Data entries:
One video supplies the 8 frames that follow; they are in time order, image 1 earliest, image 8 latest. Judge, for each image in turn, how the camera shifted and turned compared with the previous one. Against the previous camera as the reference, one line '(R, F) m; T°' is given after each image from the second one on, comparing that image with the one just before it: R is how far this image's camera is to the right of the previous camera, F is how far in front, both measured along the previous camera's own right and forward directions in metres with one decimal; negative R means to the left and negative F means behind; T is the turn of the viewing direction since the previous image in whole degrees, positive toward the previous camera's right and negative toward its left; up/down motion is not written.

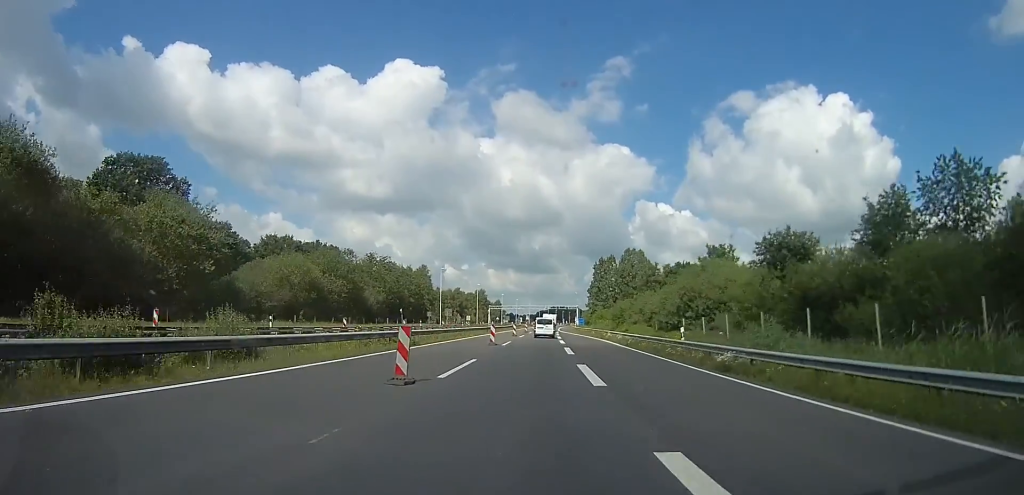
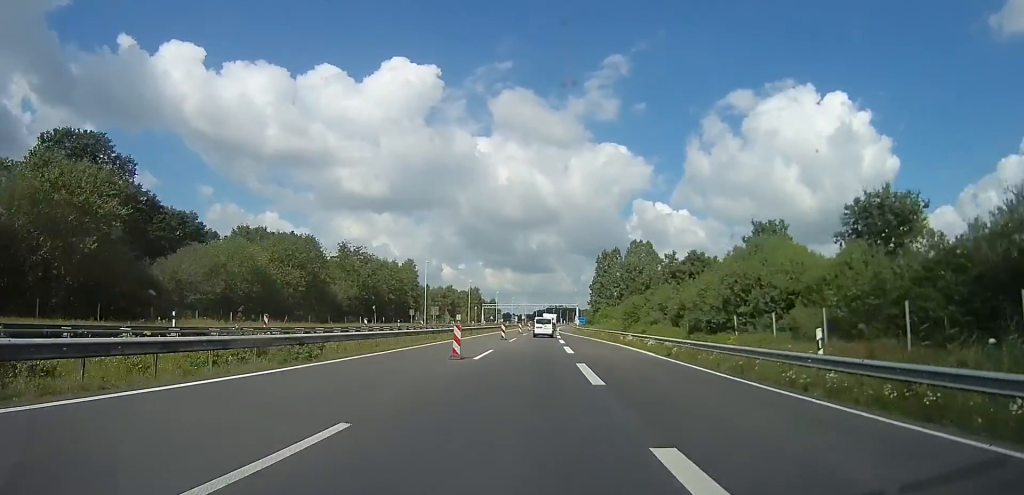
(+0.2, +11.8) m; +1°
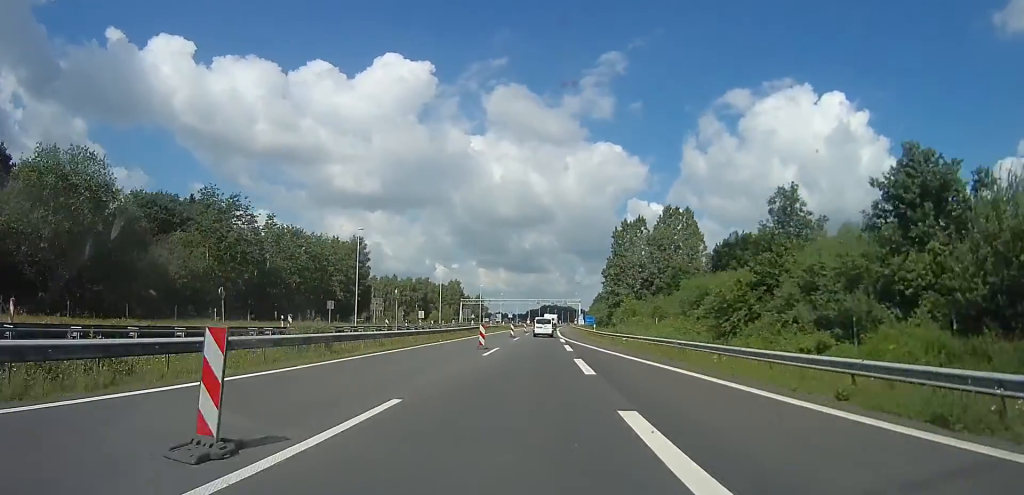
(-0.1, +33.5) m; -1°
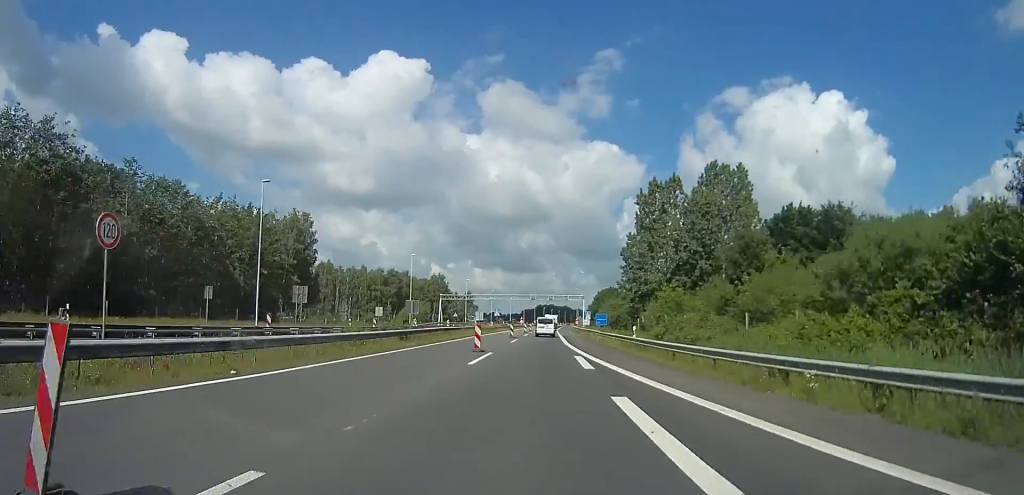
(0.0, +22.5) m; 0°
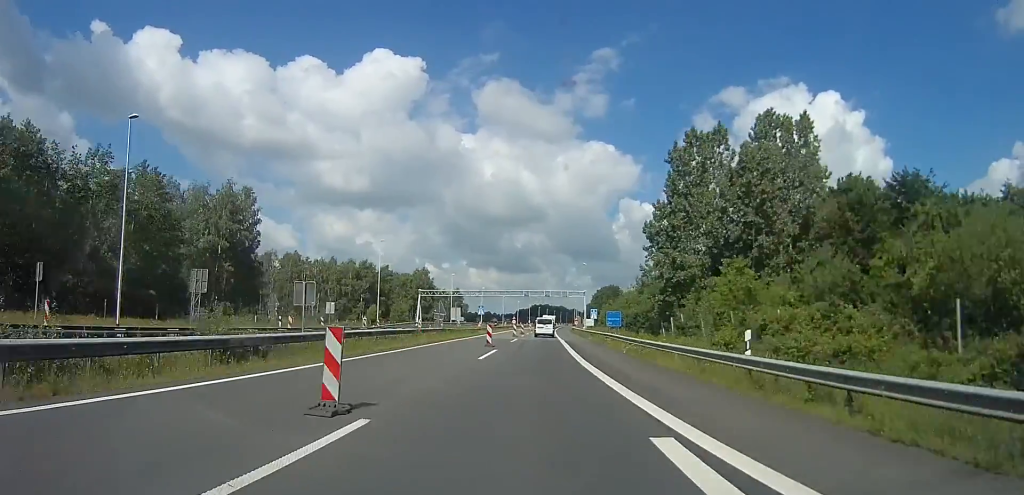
(0.0, +15.4) m; +1°
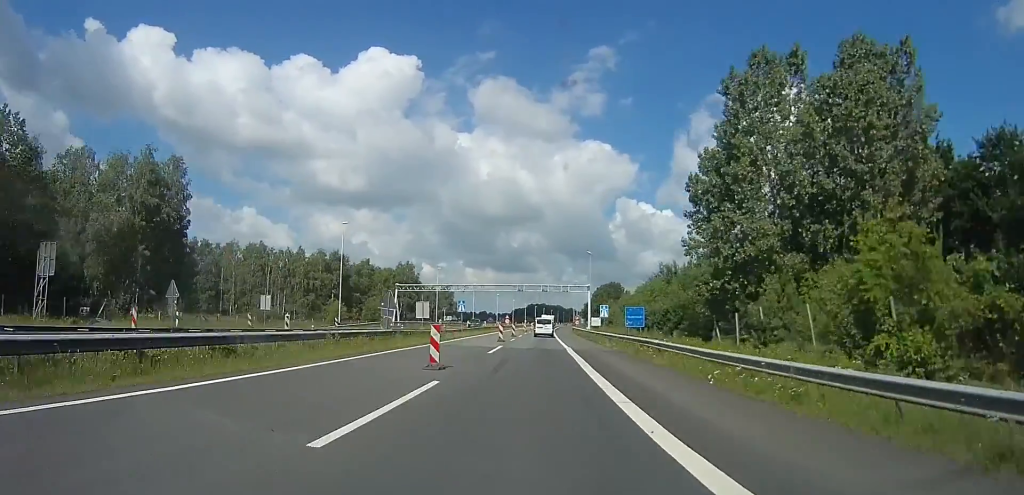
(+0.1, +13.2) m; 0°
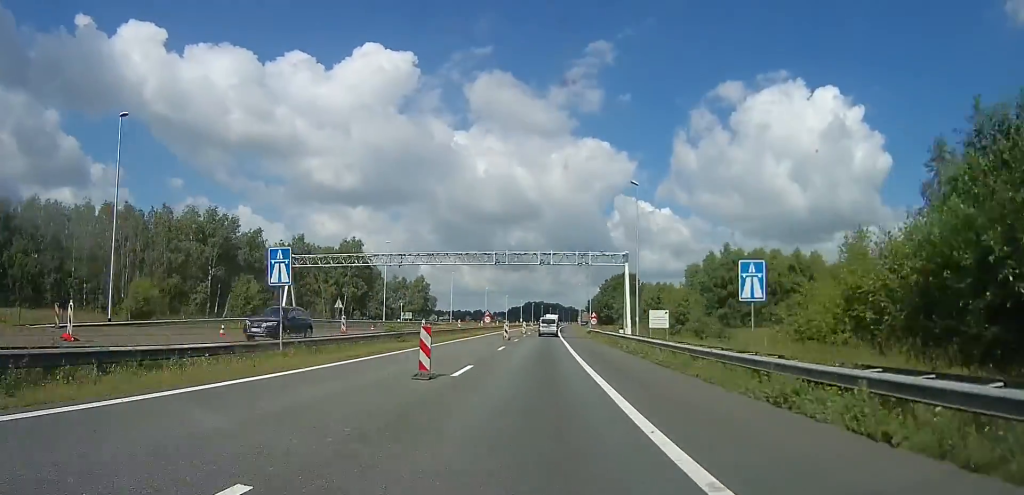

*YOUR INSTRUCTIONS*: Transcribe the records above exactly, skipping pictures.

*EXERCISE RESPONSE*:
One video supplies the 8 frames that follow; they are in time order, image 1 earliest, image 8 latest. Judge, for each image in turn, how the camera shifted and turned compared with the previous one. Against the previous camera as the reference, one line '(R, F) m; T°' is given after each image from the second one on, comparing that image with the one just before it: R is how far this image's camera is to the right of the previous camera, F is how far in front, both measured along the previous camera's own right and forward directions in metres with one decimal; negative R means to the left and negative F means behind; T is the turn of the viewing direction since the previous image in whole degrees, positive toward the previous camera's right and negative toward its left; up/down motion is not written.

(+0.2, +11.8) m; +1°
(-0.1, +33.5) m; -1°
(0.0, +22.5) m; 0°
(0.0, +15.4) m; +1°
(+0.1, +13.2) m; 0°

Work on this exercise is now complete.